THE TASK
A word-for-word copy of every entry below is required; the images do not belong in it.

Records from a dataset
━━━━

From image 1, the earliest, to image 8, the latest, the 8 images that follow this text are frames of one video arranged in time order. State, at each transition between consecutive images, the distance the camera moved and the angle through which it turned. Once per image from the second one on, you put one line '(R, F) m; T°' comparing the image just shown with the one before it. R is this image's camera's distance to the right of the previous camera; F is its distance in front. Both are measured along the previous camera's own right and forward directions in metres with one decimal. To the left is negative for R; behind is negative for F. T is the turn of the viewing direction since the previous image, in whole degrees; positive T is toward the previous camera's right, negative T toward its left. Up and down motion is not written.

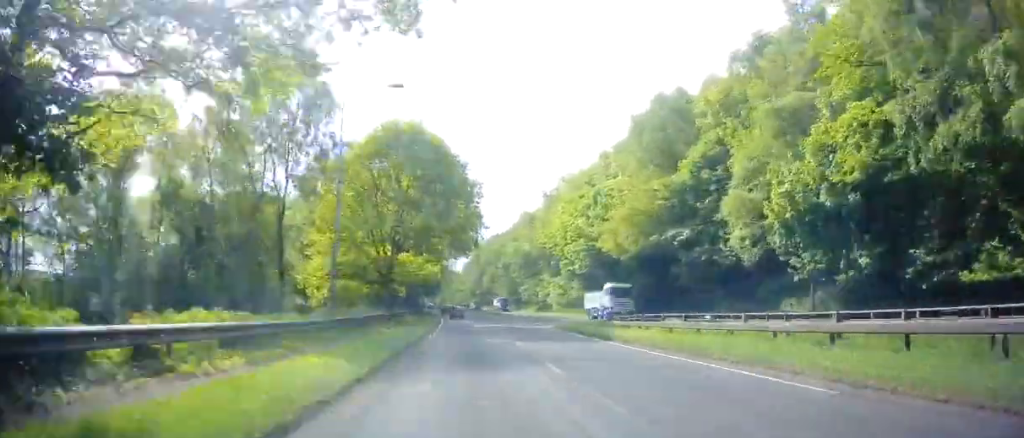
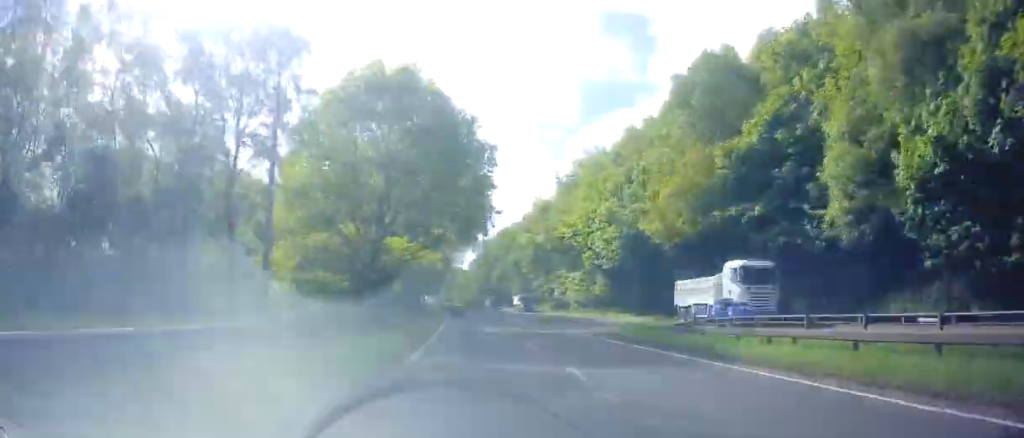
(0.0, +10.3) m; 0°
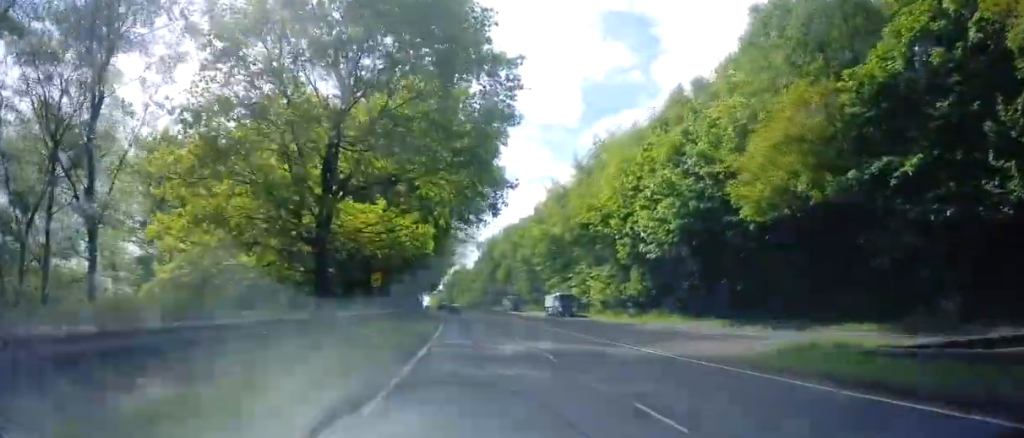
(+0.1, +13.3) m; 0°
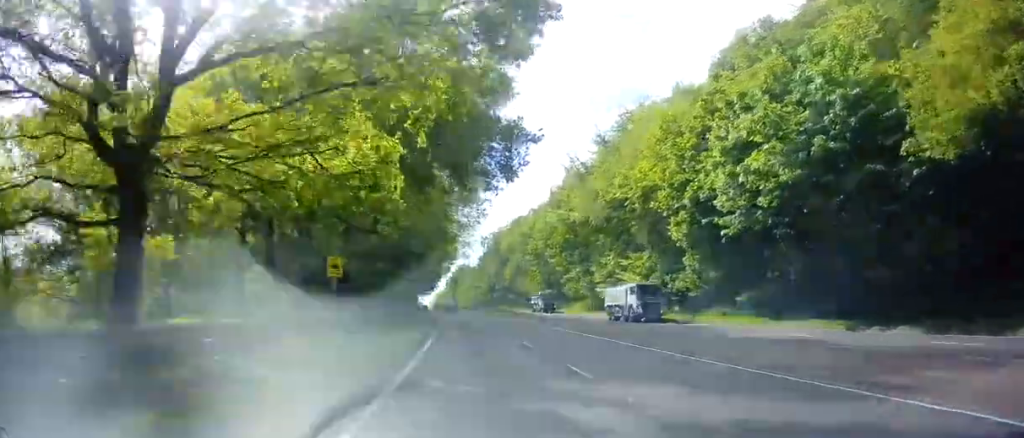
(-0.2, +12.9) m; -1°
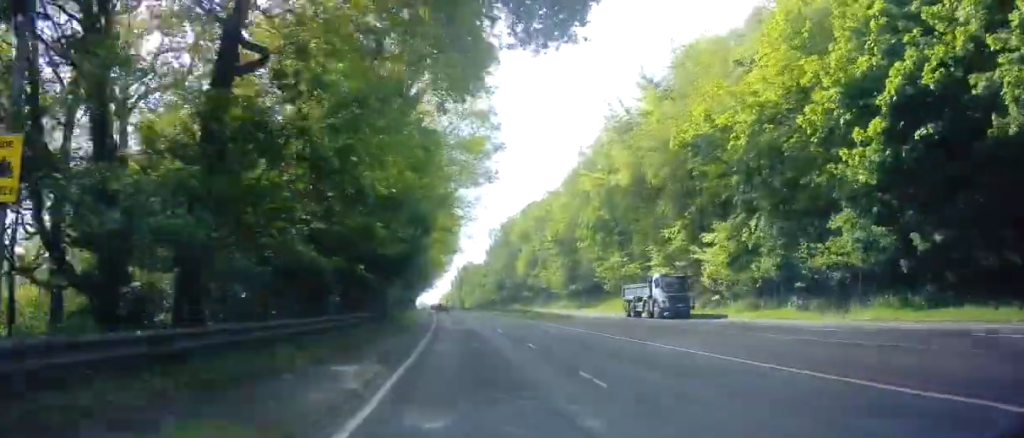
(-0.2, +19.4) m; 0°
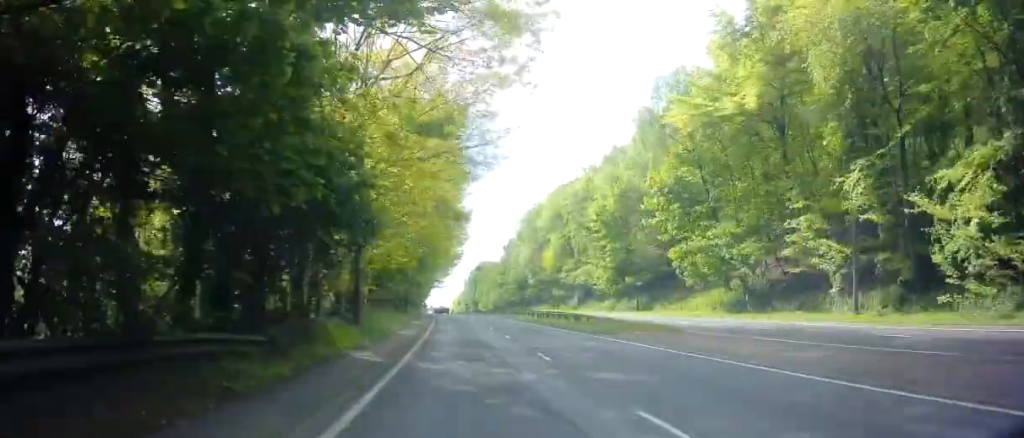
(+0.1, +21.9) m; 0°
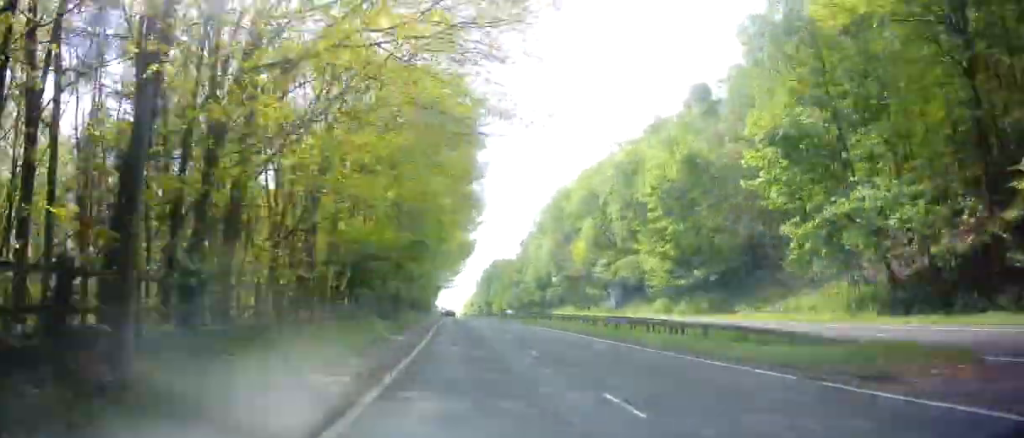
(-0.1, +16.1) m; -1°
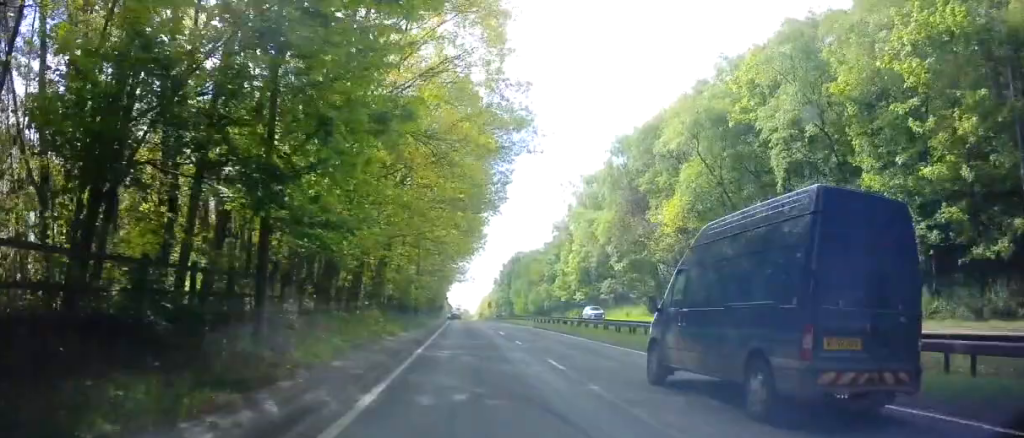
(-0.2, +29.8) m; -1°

━━━━

EXERCISE SOLUTION
From image 1, the earliest, to image 8, the latest, the 8 images that follow this text are frames of one video arranged in time order. State, at each transition between consecutive images, the distance the camera moved and the angle through which it turned. Once per image from the second one on, you put one line '(R, F) m; T°' comparing the image just shown with the one before it. R is this image's camera's distance to the right of the previous camera; F is its distance in front. Both are measured along the previous camera's own right and forward directions in metres with one decimal. To the left is negative for R; behind is negative for F. T is the turn of the viewing direction since the previous image, in whole degrees; positive T is toward the previous camera's right, negative T toward its left. Up and down motion is not written.

(0.0, +10.3) m; 0°
(+0.1, +13.3) m; 0°
(-0.2, +12.9) m; -1°
(-0.2, +19.4) m; 0°
(+0.1, +21.9) m; 0°
(-0.1, +16.1) m; -1°
(-0.2, +29.8) m; -1°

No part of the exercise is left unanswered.